WHAT IS REQUIRED:
Copy everything in the listing below word for word, apart from any images.

DATASET ENTRIES:

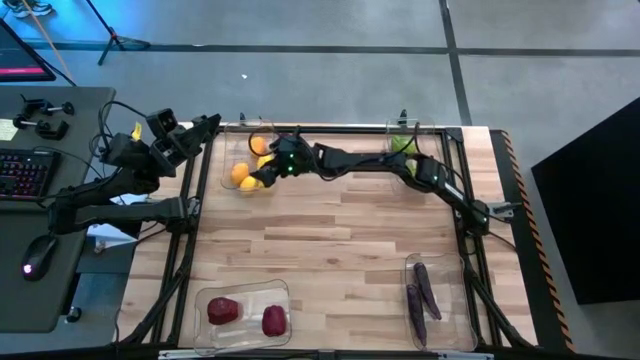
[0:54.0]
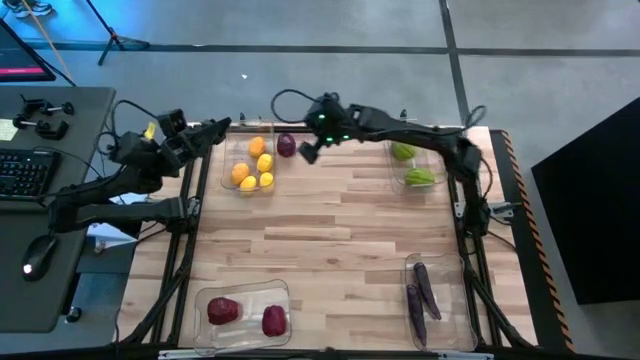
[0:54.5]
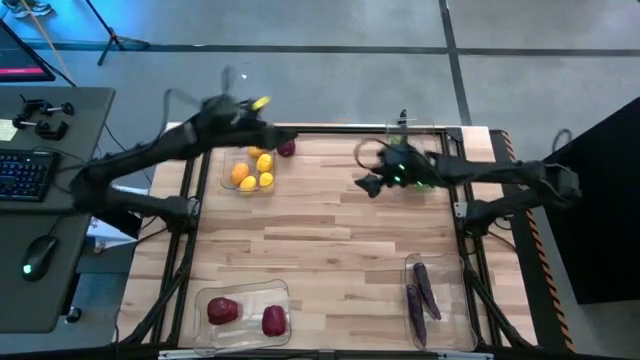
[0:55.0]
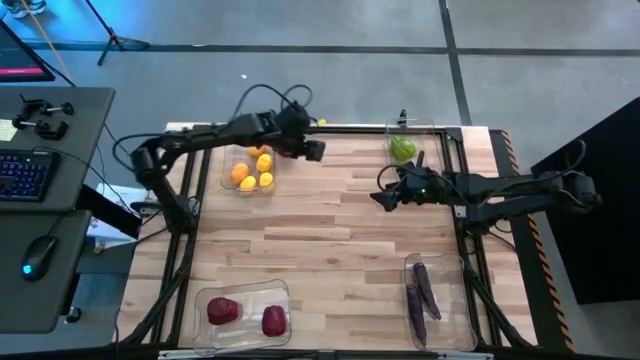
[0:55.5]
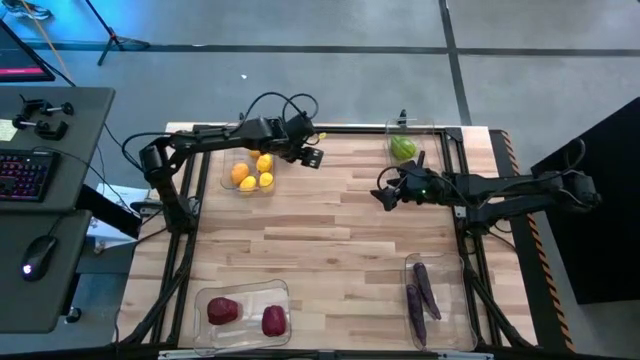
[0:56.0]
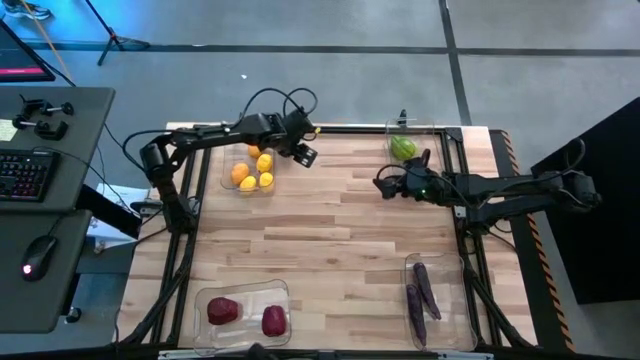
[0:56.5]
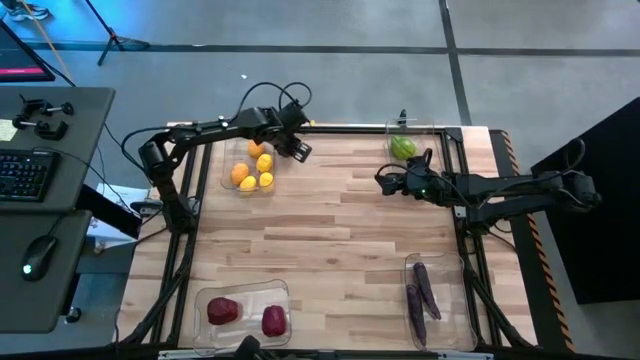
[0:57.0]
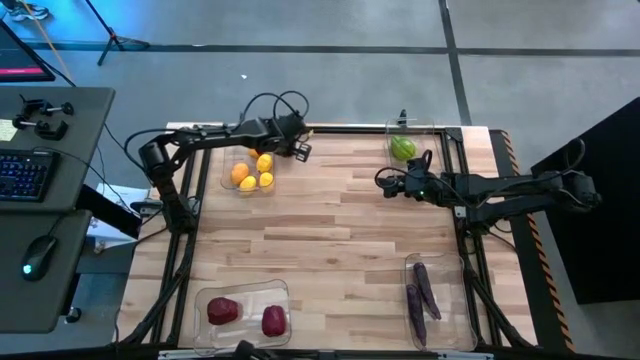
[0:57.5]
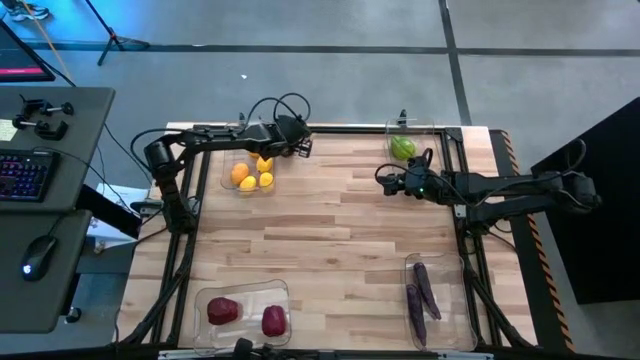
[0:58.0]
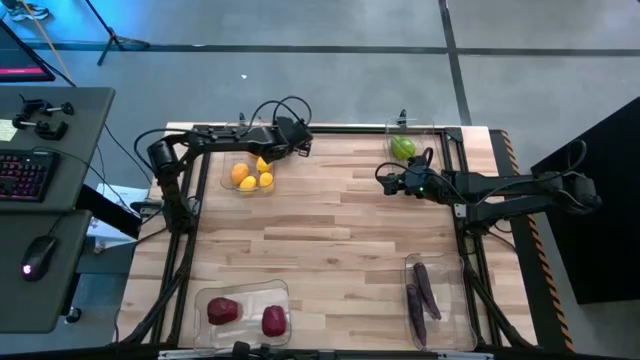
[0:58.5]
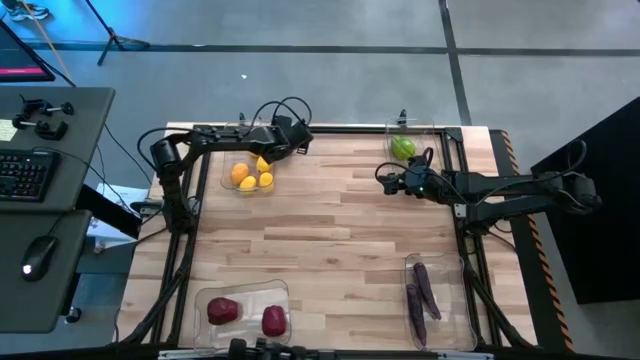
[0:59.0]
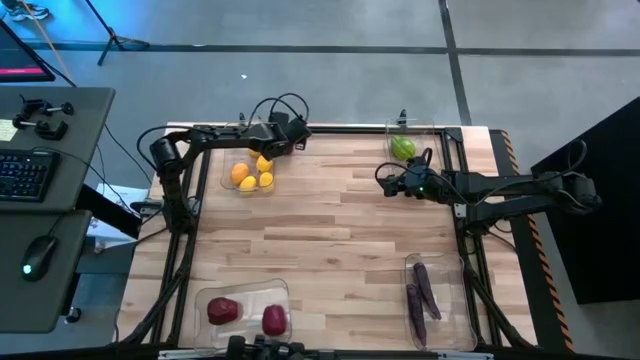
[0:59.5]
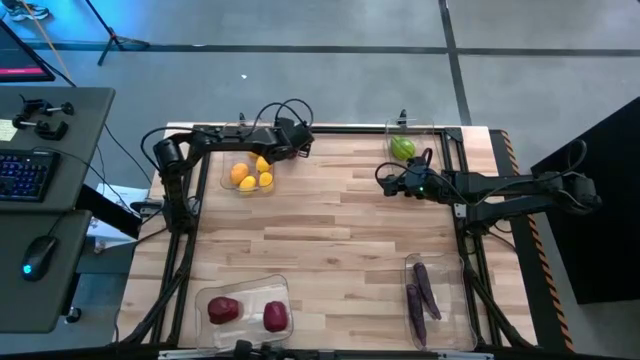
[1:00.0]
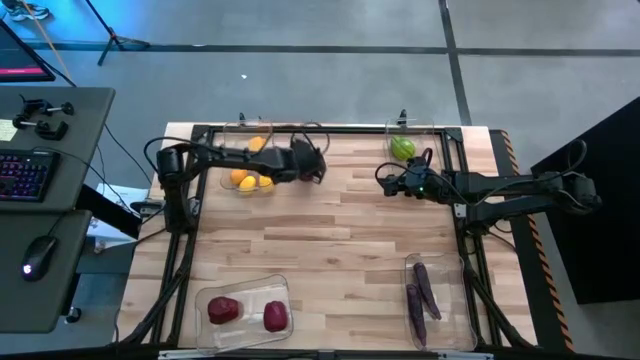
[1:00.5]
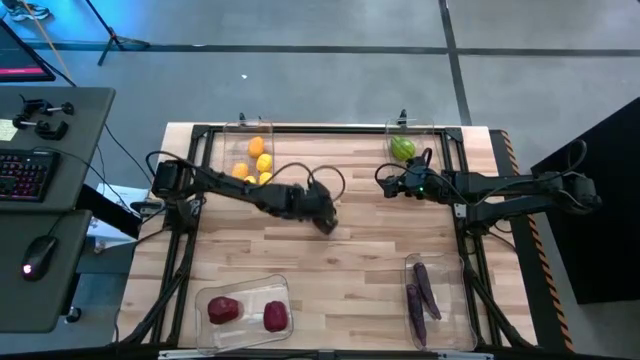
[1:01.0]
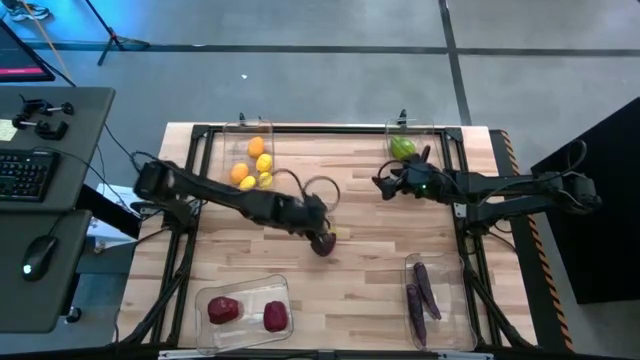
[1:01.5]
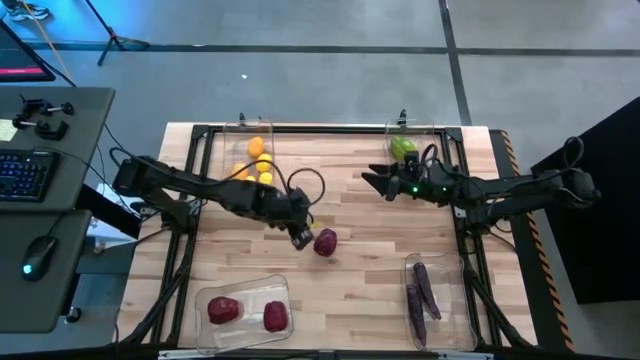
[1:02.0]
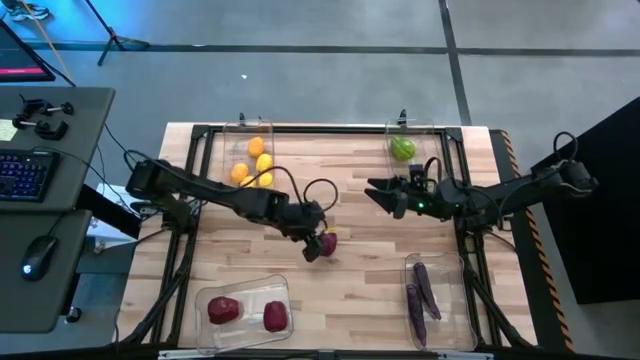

SOLVED PROBLEM:
[0:54.0]
[0:54.5]
[0:55.0]
[0:55.5]
[0:56.0]
[0:56.5]
[0:57.0]
[0:57.5]
[0:58.0]
[0:58.5]
[0:59.0]
[0:59.5]
[1:00.0]
[1:00.5]
[1:01.0]
[1:01.5]
[1:02.0]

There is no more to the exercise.